## Work task
Set down, exactly and with no pictures, the line that contains "저 불신자들이 지금 세계를 품고 난리를 찌리는데" and all lines after it in the listing.

## Source data
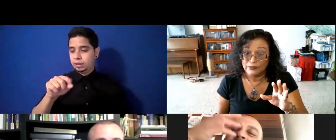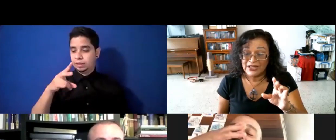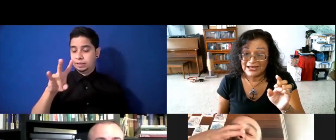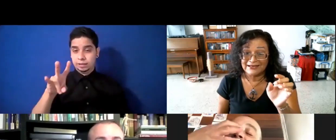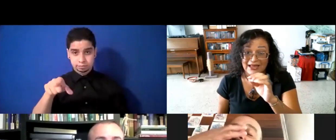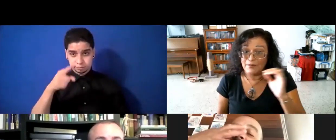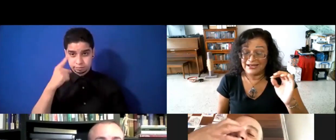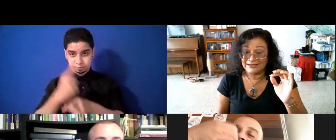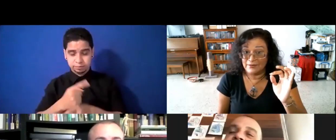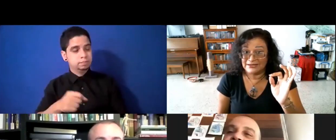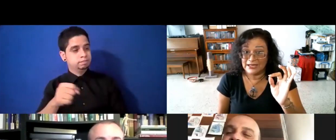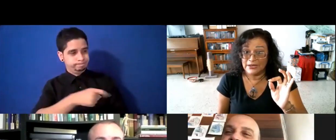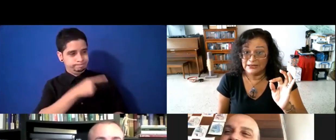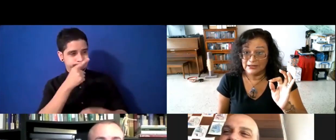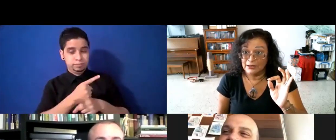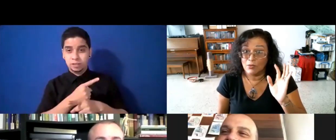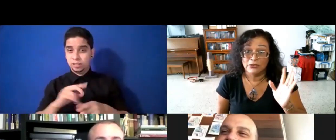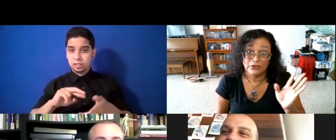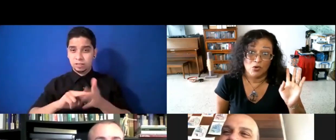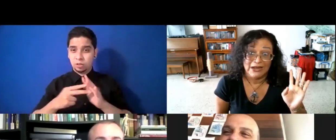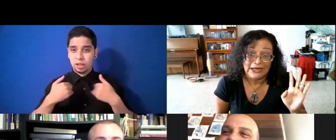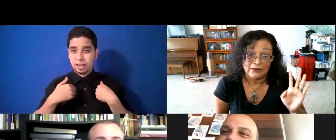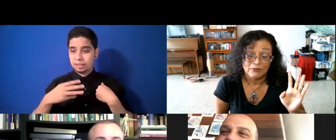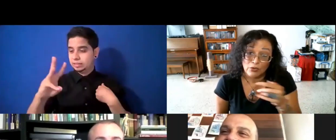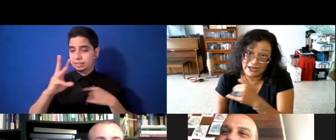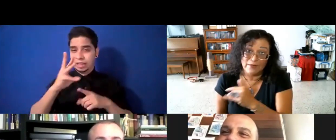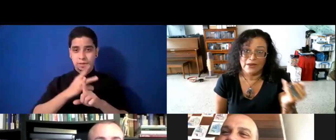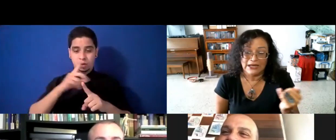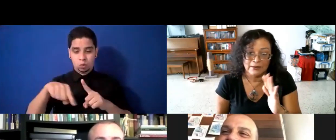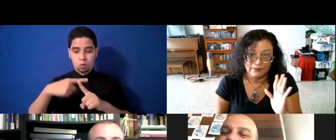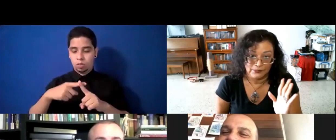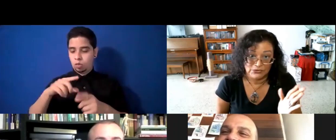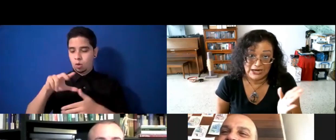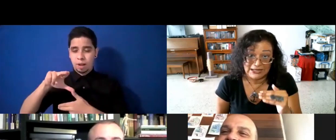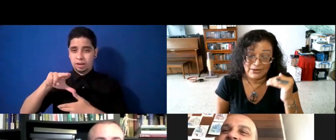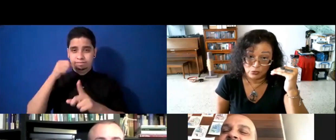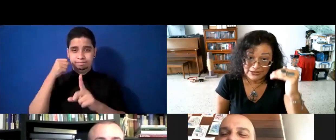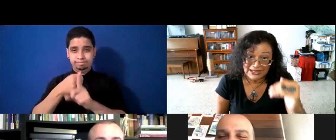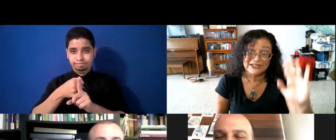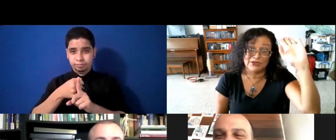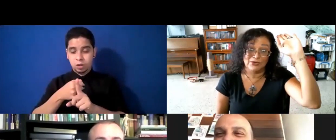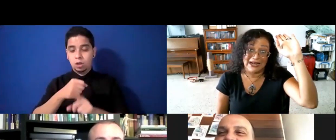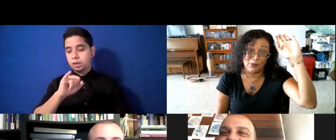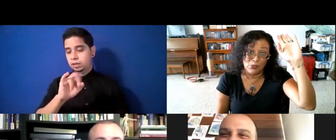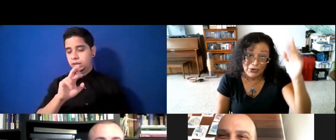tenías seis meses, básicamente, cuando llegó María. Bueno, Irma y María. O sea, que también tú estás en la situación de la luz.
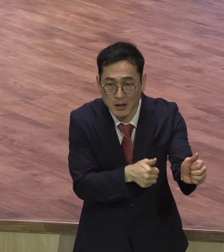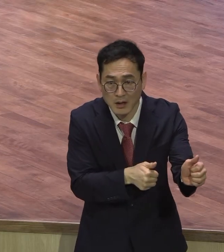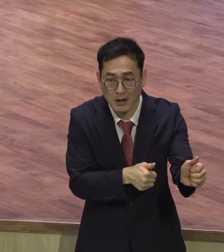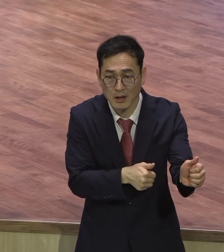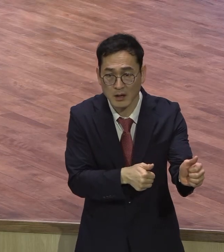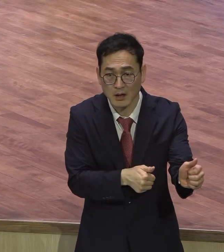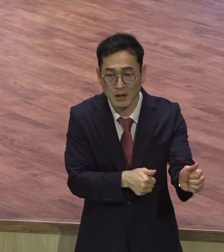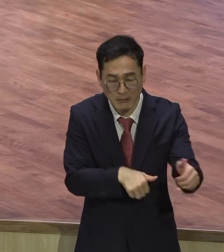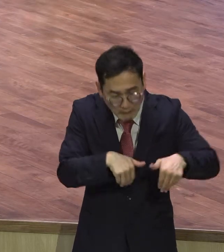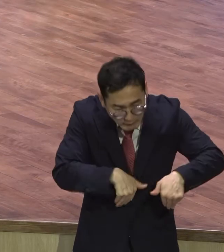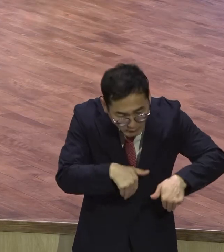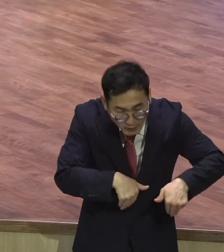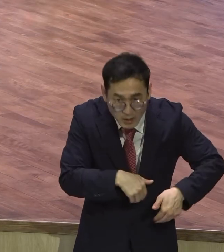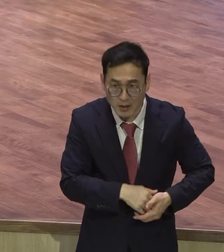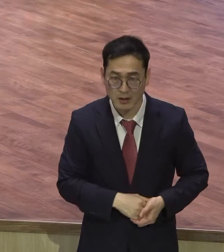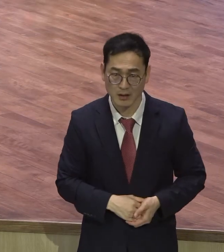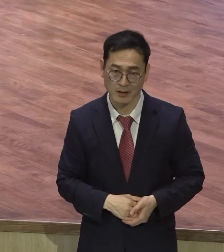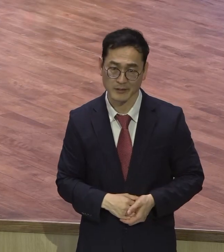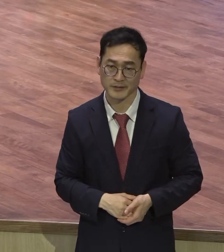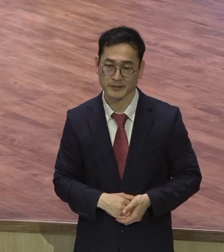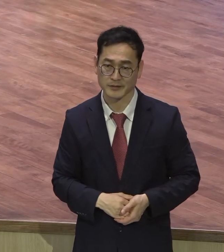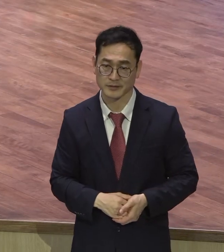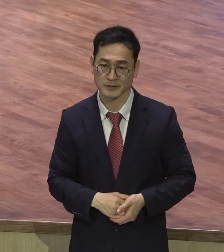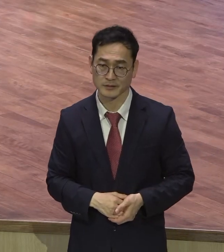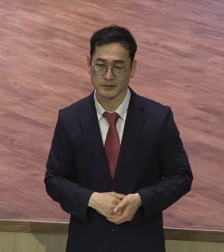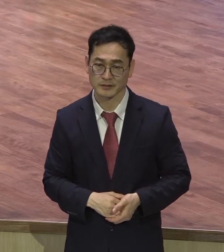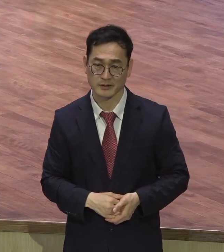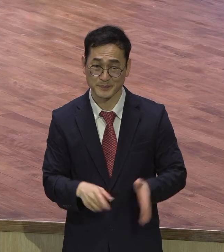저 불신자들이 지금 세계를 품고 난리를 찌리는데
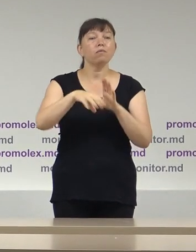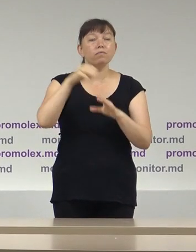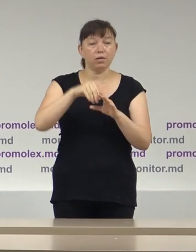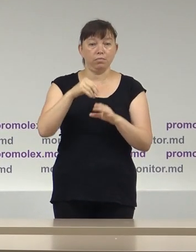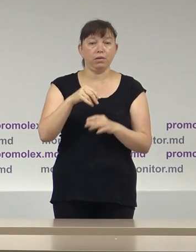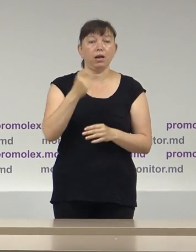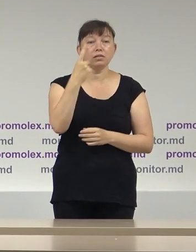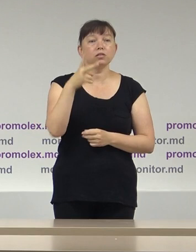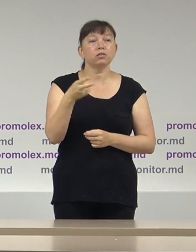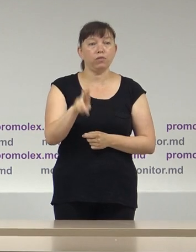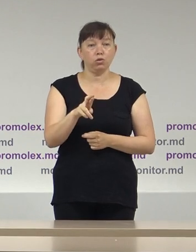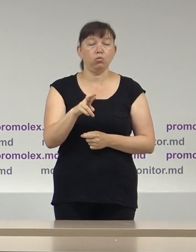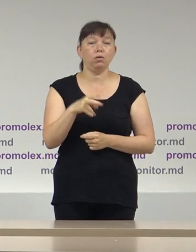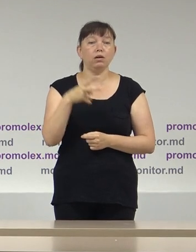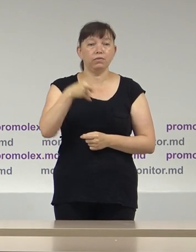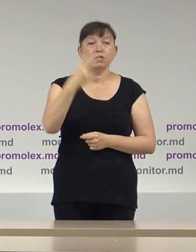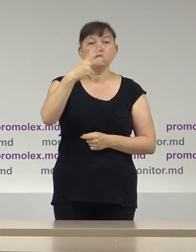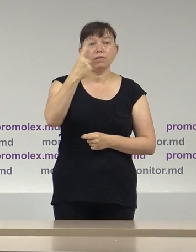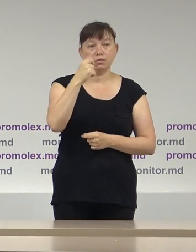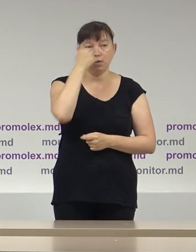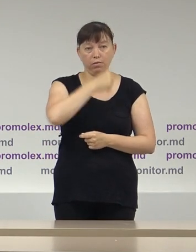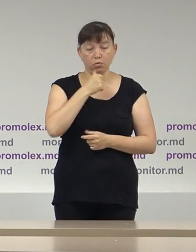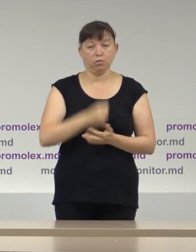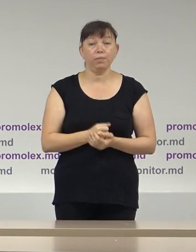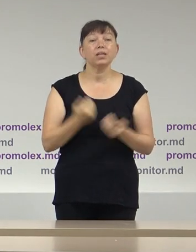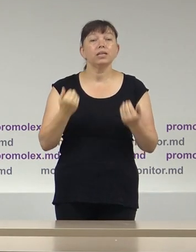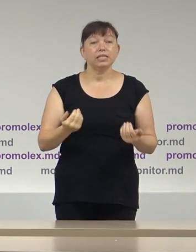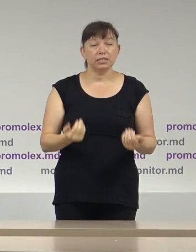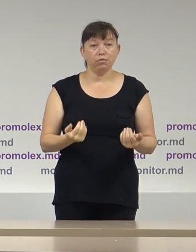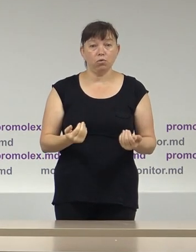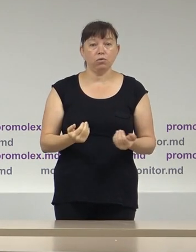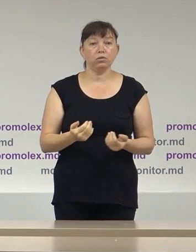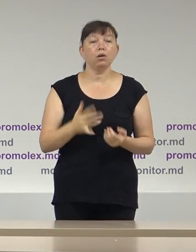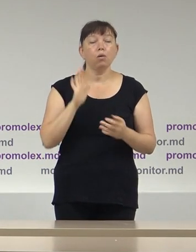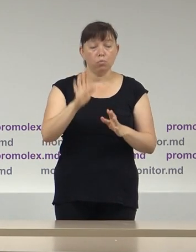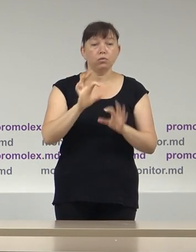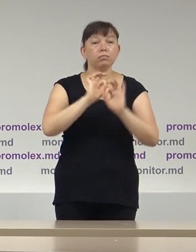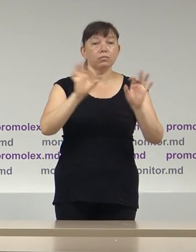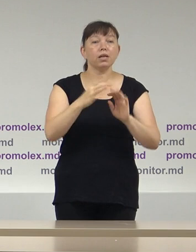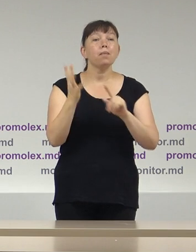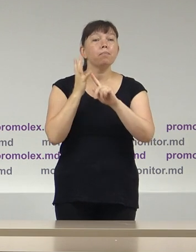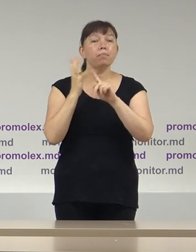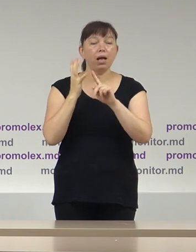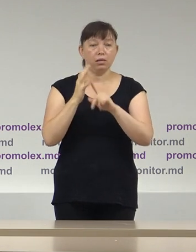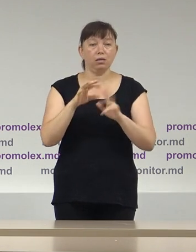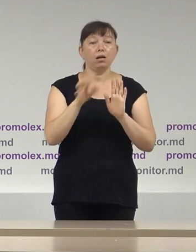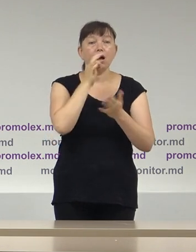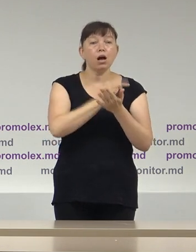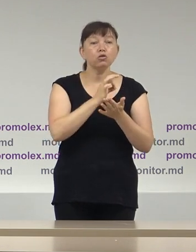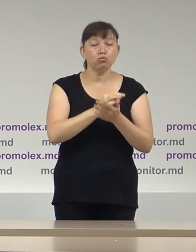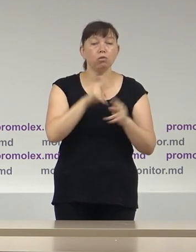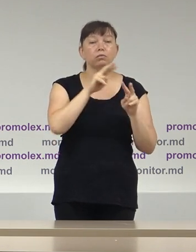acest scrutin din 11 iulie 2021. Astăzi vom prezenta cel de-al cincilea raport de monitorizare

## Output below
저 불신자들이 지금 세계를 품고 난리를 찌리는데
acest scrutin din 11 iulie 2021. Astăzi vom prezenta cel de-al cincilea raport de monitorizare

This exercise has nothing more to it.